Um lugar de vida e cultura da era galo-romana: da “VILLA RUSTICA” galo-romana à “GRANGIA” da Idade Média. Os templários dão a Lagrange uma orientação vitícola precoce: a nobre casa de Lagrange de Monteil e o cortiço de Pellecalhus, o hospital e a capela no século XIII. Somente a partir de 1631 podemos reconstruir a história dos diferentes proprietários. A família de Branne, parlamentar de Bordeaux e dona de Mouton, adquire a propriedade e contribui para sua influência.Em 1790, Jean-Valère Cabarrus, armador e comerciante influente, investe na propriedade e constrói sua distribuição comercial. Ele mandou Visconti construir a Torre da Toscana em 1820, que se tornou o emblema do Château Lagrange.De Jefferson a Dûchatel, a história de uma classificação. Em 1785, Thomas Jefferson, então embaixador dos Estados Unidos na França, visitou Bordéaux e classificou Lagrange em segundo do 3º  cru .Em 1855, Lagrange foi classificado como terceiro cru, graças aos esforços e à visão do conde Dûchatel, proprietário de 1842 a 1874. Ele inovou e criou uma fábrica de drenos, ampliando a propriedade para 280 hectares, 120 dos quais em vinha.Ministro do Interior do rei Louis-Philippe e membro da Academia de Belas Artes, ele contribuiu para a influência do Château Lagrange na Europa. O grupo japonês Suntory, sob a liderança de seu presidente Keizo Saji, adquiriu o domínio em 1983.Marcel Ducasse foi então recrutado ao lado de Kenji Suzuta para liderar essa profunda reestruturação da vinha e iniciar a espetacular reforma da propriedade. Este primeiro passo constitui o renascimento da CHÂTEAU LAGRANGE .Após mais de vinte anos de trabalho, investimentos humanos e técnicos, Lagrange encontrou a plenitude e o reconhecimento de seus colegas.Hoje, um novo conjunto, Matthieu Bordes e Keiichi Shiina, continua essa busca pela excelência. Uma segunda fase de investimentos começou na safra de 2008, oferecendo a Lagrange os meios para perseguir suas ambições: produzir vinhos distintos, elegantes e brilhantes, em consonância com o grande Saint-Julien.Uma evolução dos métodos de produção para uma maior respeito ao meio ambiente e redução da pegada ecológica da propriedade.

Le Fiefs de Lagrange é o segundo vinho do 3eme Cru Classe De Bordeaux, Chateau Lagrange. Elaborado com vinhas mais jovens (30 anos) que seu irmão maior, esta pronto para o consumo mais jovem, mas também segundo o produtor tem uma incrível longevidade.

Les Fiefs de Lagrange 2011 – elaborado com Cabernet Sauvignon (52%), Merlot (41%) e Petit Verdot (7%), com amadurecimento de 16 meses em carvalho. Teor Alcoólico de 13%.  A coloração é de um intenso e brilhante rubi, com boa transparência.
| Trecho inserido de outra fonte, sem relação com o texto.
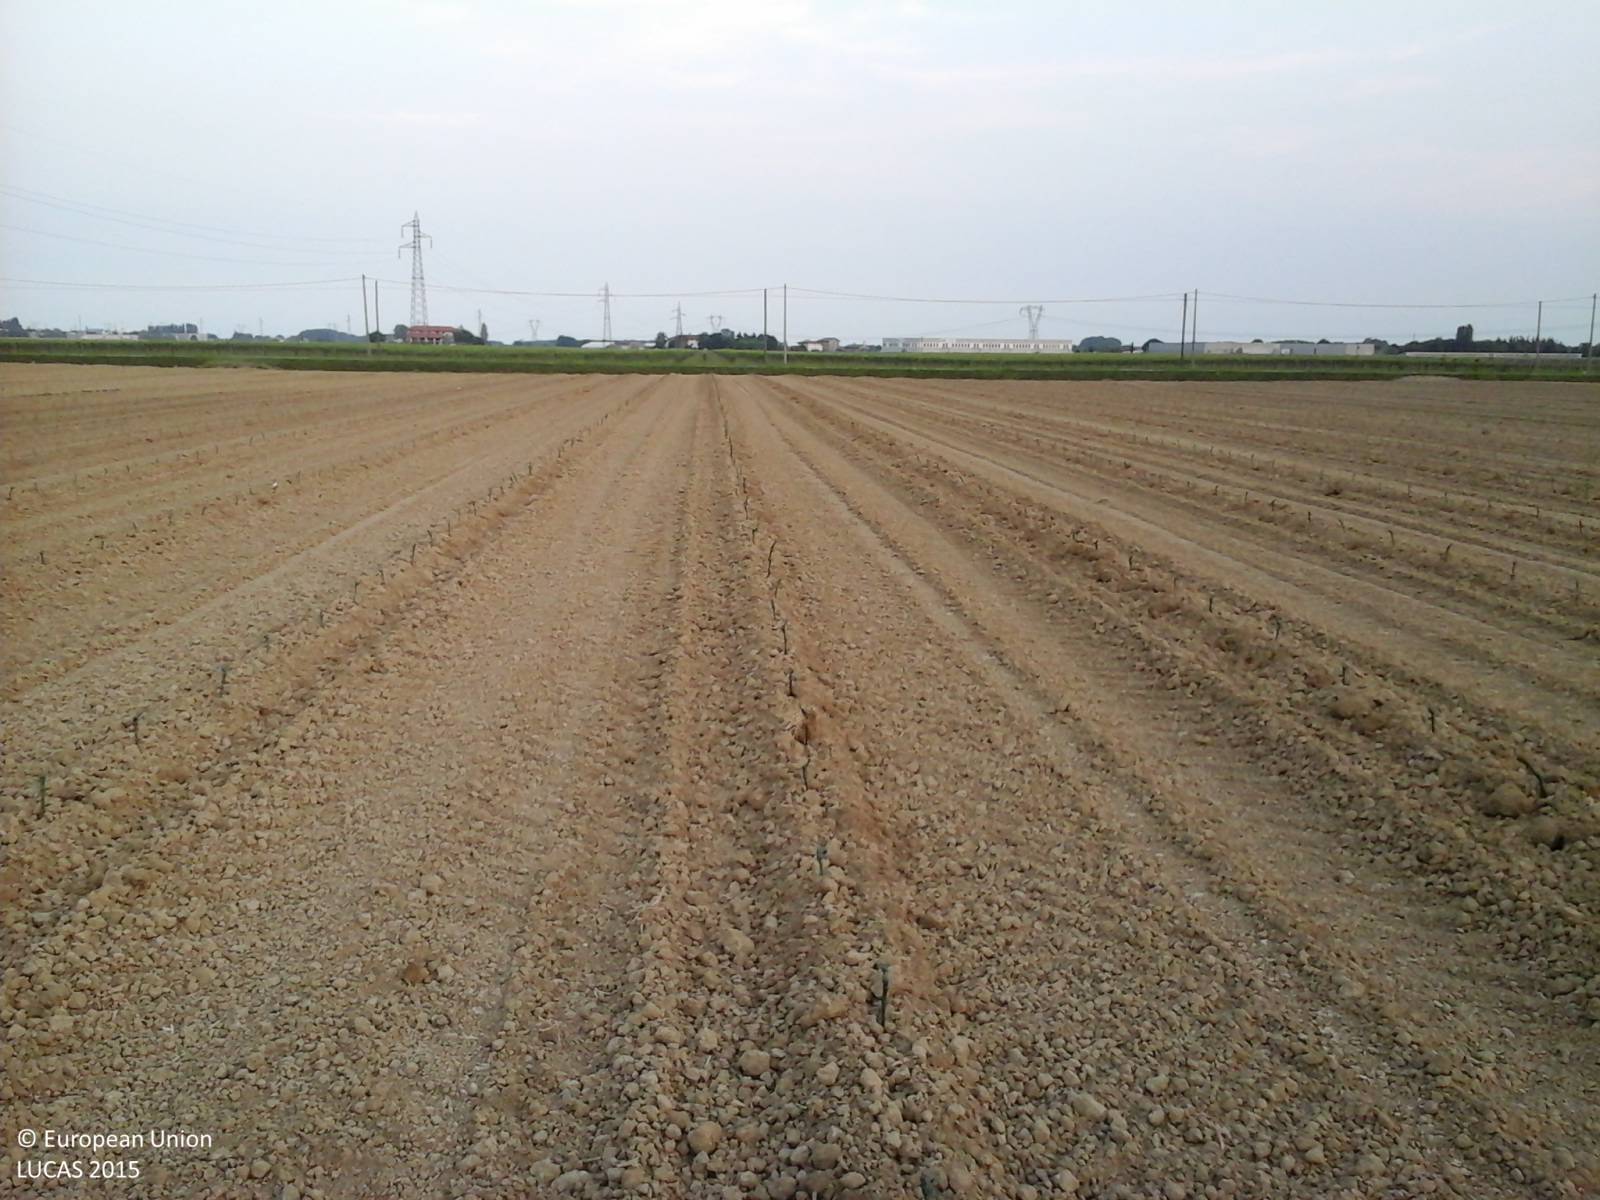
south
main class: Cropland
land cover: Vineyards
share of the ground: < 10 %
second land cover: Other bare soil
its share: > 75 %
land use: Agriculture (excluding fallow land and kitchen gardens)
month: June
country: IT
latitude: 45.8166
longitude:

Os aromas mostram cereja, amora, frutas passificadas, chocolate  e madeira. Na boca apresenta bom corpo , repetindo as sensações do olfato, em meio a  taninos suaves e bem integrados , com leve adstringência. Bom final frutado. Avaliação: 91/100 Pontos. Preço: R$ 552,62, na Mistral.

Nascido em 1757 da fusão das safras Ténac, Sartaignac e Merle pelo seu proprietário Joseph Stanislas Gruaud, a vinha do Château Gruaud-Laroseé então referido como “Fondebeau” ou “Gruaud”. Em 1781, o herdeiro de Joseph Gruaud, juntou-se a Jean-Sébastien de Larose. Mas se o vinho Château Gruaud-Larose já é famoso, isso não impede que a propriedade enfrente grandes dificuldades durante o século seguinte. Em 1812, quase vinte anos após a morte de Larose, a propriedade, privada de herdeiros, foi posta em leilão. Terá então três proprietários: David-Jean Verdonnet, Pierre Balguerie-Stuttenberg e Barão Jean-Auguste Sarget,. Em 1867, após profundas divergências, a propriedade foi dividida em duas entre as famílias Sarget e Balguerie. Desde 1997, a família Merlaut administra esta histórica propriedade de Saint-Julien.  Gruaud-Larose possui 84 ​​hectares de vinhedos localizados em um platô rico em cascalho, a oeste do Château Beychevelle.  O Château Gruaud-Larose é uma propriedade 2ème Cru Classé que produz um dos vinhos mais encorpados e de longa duraçãode St-Julien .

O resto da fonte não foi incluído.